[[ Data to examine open ]]

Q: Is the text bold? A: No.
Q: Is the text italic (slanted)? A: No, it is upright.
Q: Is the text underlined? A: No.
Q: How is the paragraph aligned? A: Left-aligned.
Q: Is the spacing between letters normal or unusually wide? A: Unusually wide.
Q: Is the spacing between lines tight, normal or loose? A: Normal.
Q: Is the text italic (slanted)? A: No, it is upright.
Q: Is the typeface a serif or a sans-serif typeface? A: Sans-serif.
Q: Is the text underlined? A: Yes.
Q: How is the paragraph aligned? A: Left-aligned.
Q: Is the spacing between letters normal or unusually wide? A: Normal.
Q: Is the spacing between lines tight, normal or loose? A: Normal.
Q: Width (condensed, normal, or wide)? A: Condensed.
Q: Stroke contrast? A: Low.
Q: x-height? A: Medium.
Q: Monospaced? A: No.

[[ Data to examine closed ]]
[[ Data to examine open ]]

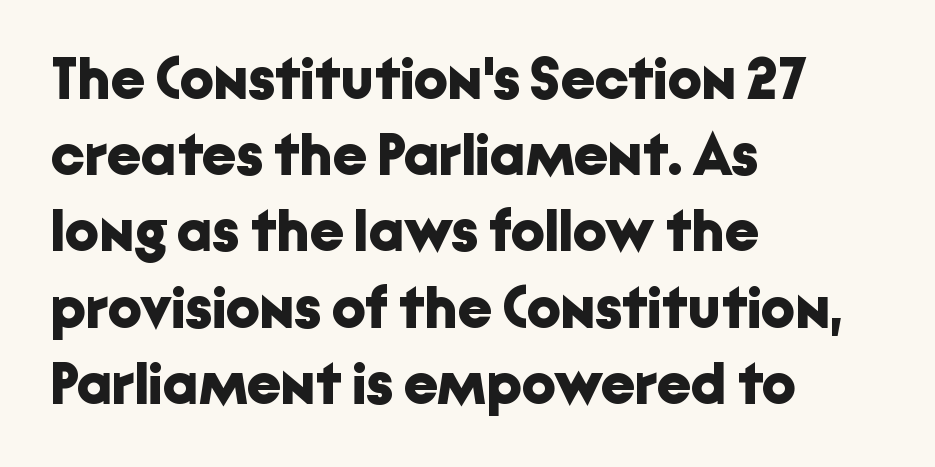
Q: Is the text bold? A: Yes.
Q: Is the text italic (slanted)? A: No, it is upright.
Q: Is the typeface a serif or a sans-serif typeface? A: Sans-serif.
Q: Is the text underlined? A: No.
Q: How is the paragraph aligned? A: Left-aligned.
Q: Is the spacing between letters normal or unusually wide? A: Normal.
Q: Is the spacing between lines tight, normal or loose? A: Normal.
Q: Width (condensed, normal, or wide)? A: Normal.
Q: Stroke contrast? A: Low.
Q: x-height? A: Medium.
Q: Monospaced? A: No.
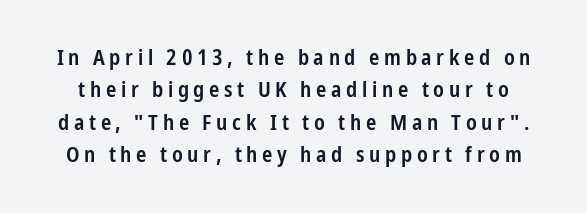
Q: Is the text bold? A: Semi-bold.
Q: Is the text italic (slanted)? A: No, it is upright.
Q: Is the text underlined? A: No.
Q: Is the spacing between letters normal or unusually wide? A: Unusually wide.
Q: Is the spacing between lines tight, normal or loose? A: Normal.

[[ Data to examine closed ]]

Task brief: Scan the data above line by line. Please say how many lines hold the word "bold", and give only that number.

Answer section: 3